Существовали правила и для палачей. Они не должны были жалеть своих жертв. Удар вполсилы или пропущенный считались для палача позором. Если палач по своей воле прекращал экзекуцию, он мог лишиться своей должности. А палачей было немного — привилегированная профессия, представители которой были на особом счету у администрации каторги. Эти люди брали на себя самую грязную работу. И получали за нее дополнительную плату.
Случаи, когда палачи малодушничали, были на памяти каторги наперечет. Тот же Комлев был в большой чести именно за свою бескомпромиссную жестокость. В этом человеке за годы службы на Сахалине не осталось ничего человеческого. Он был настоящим палачом, мастером своего дела, мясником.
Свои правила были установлены и для зрителей. Правила негласные — они не были зафиксированы ни в одном законе или уложении. Но выполнялись беспрекословно. Во-первых, на экзекуцию собиралась вся каторга. В помещение, где пороли Золотую Ручку, набилось около трехсот человек. Если экзекуцию устраивали на открытом воздухе, количество зрителей могло достигать тысячи. На это зрелище сходились все, включая больных из каторжной больницы. Сходились и те, кого недавно пороли, и те, кому порка еще только предстояла.
Что эти люди находили в созерцании мук истязаемого товарища? Трудно сказать. Возможно, это было чувство своеобразного мщения за собственные унижения — мол, не я один такой. Через «кобылу» проходили все каторжане без исключения. Кого-то на называли за реальные провинности, кого-то для острастки. Не пороли только женщин.
Эта традиция была нарушена в 1889 году, когда палач Комлев привязал к «кобыле» раздетую донага Софью Блювштейн и под улюлюканье каторги принялся за свое жестокое дело. Сонька не просила пощады и не рыдала. Каждый стон истязаемой женщины зрители встречали взрывами хохота. В середине экзекуции Сонька потеряла сознание. Ее привели в чувство и продолжили порку.
Когда на ее спину обрушился двадцатый удар, тело Золотой Ручки напоминало кровавое месиво. Ее оттащили в одиночную камеру и бросили на лавку, укрыв той самой шубейкой, в которой ее увидел Антон Павлович Чехов.
И это были еще не все страдания, которые ей предстояло вынести.
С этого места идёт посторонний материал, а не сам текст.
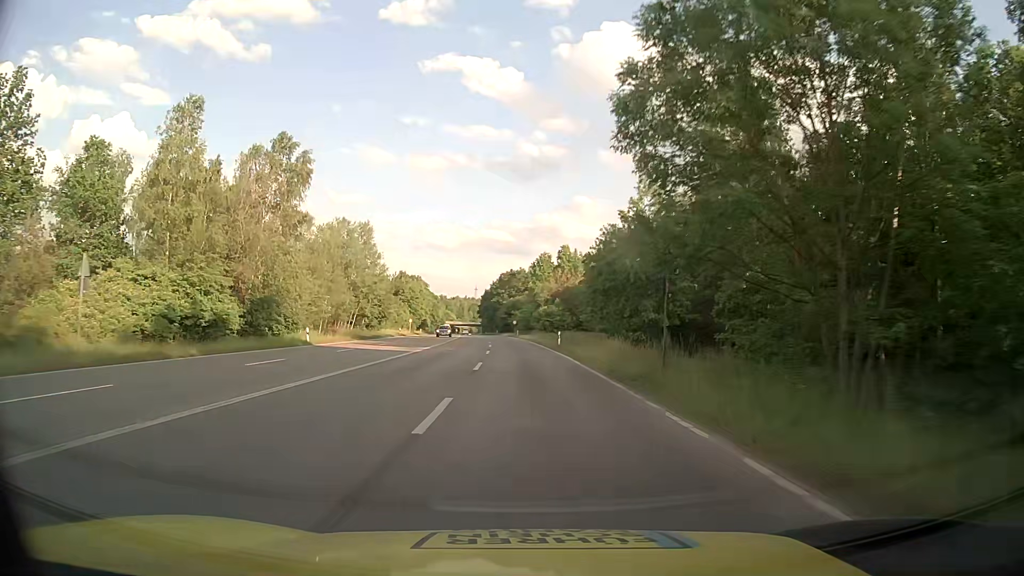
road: secondary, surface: asphalt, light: Day
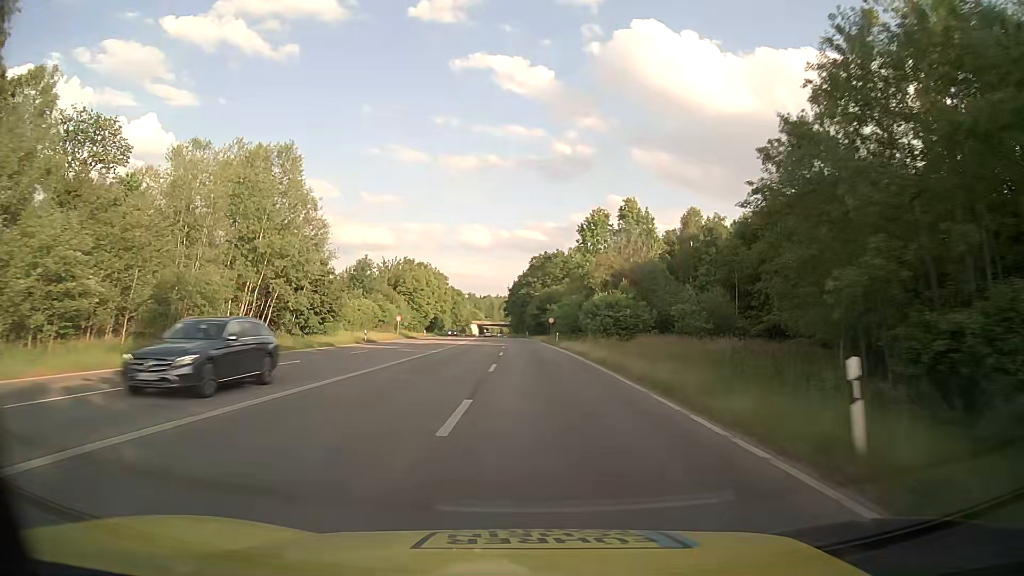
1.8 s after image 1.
(-0.8, +36.5) m; -2°
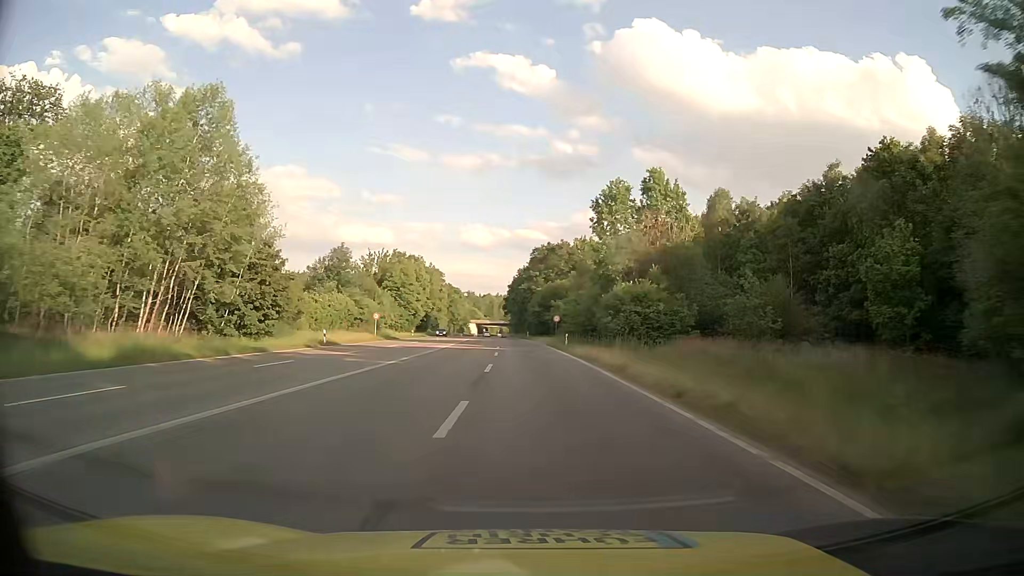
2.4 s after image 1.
(-0.1, +12.2) m; 0°
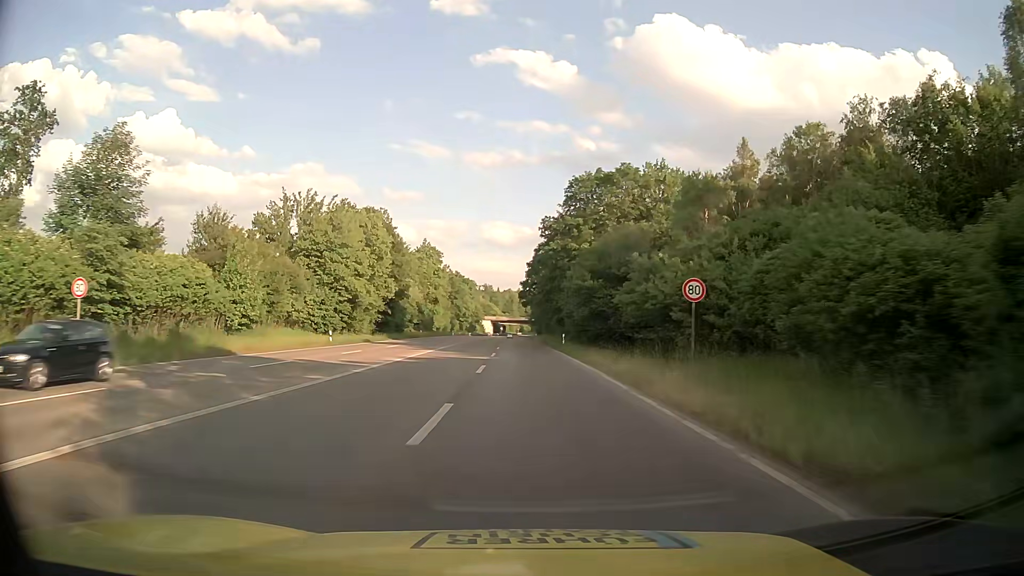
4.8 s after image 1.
(-0.6, +48.8) m; -2°
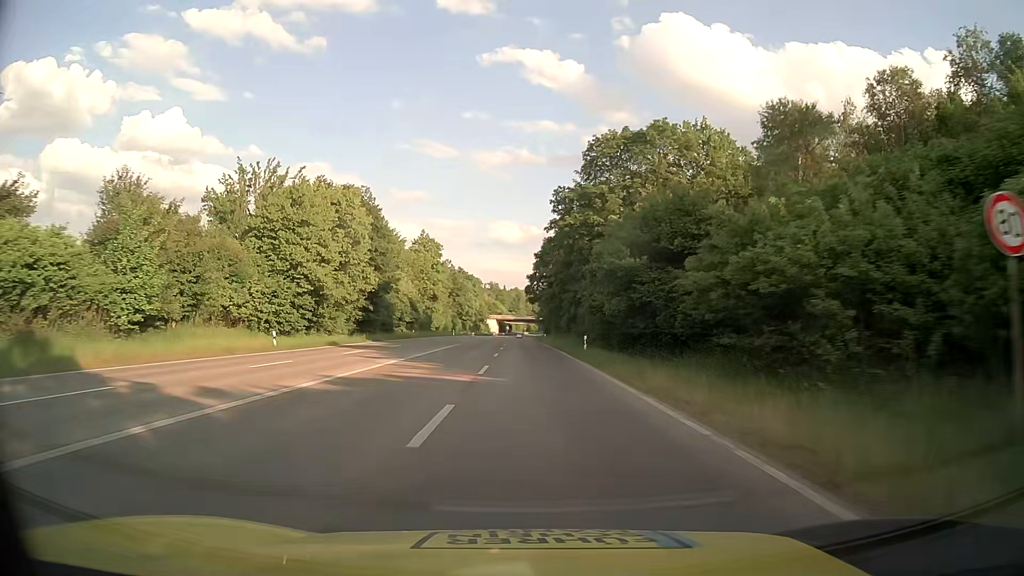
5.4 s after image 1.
(-0.1, +12.2) m; -1°
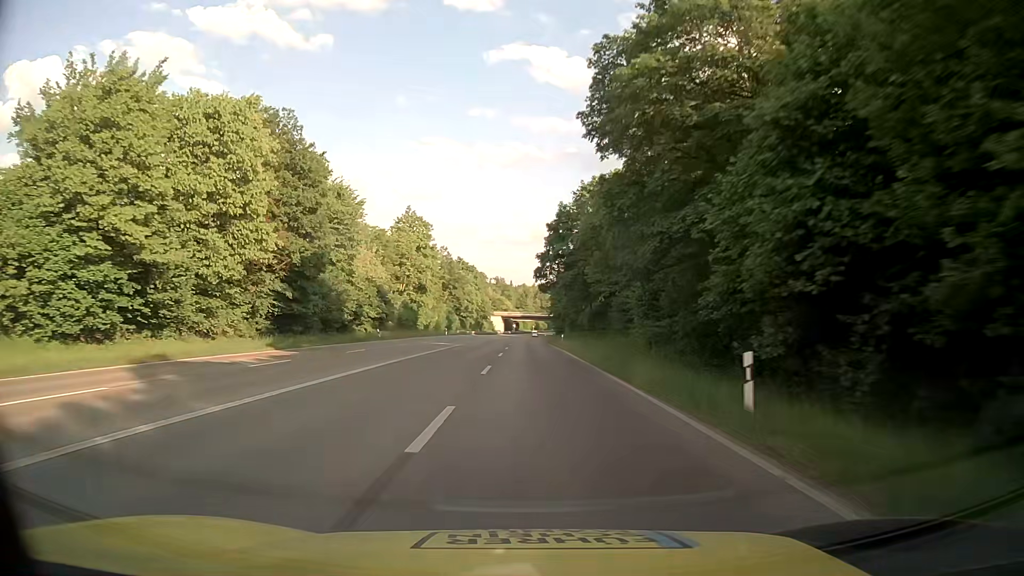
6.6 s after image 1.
(-0.1, +24.4) m; 0°
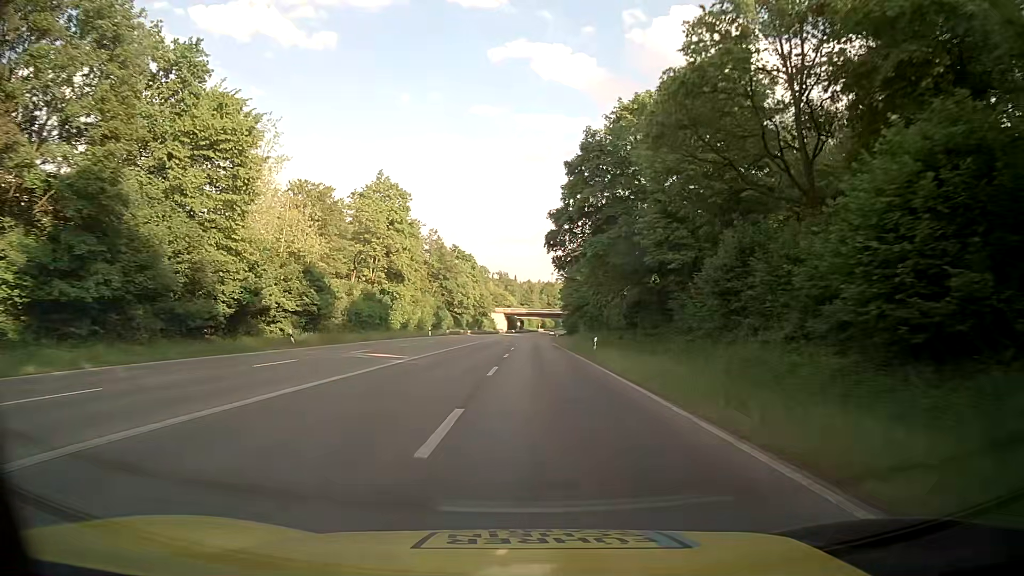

Впереди были кандалы.
КАНДАЛЫ
После порки истерзанную Золотую Ручку заковали в ручные и ножные кандалы. В них по рассказу Дорошевича она прожила примерно два года восемь месяцев — рекордный для каторжанки срок. Софья Блювштейн стала последней женщиной в истории российской (но не советской!) каторги, которую заковывали в кандалы на длительный срок.
Откуда взялись эти чудовищные средства обездвиживания арестантов? И почему именно кандалы, а не наручники, которые используют сегодня?
Чтобы понять это, придется обратиться к истории Древнего Египта. Самым древним кандалам, найденным археологами, 4500 лет. Они принадлежали жрице храма Верховной правительнице неба Нут по имени Неферти-Хнум. Найденная в Египте, в Дель-Бахри, мумия жрицы была в золотых ножных браслетах, соединенных 32-сантиметровой золотой цепью. Кандалы украшены полудрагоценными камнями и представляют собой великолепное ювелирное изделие.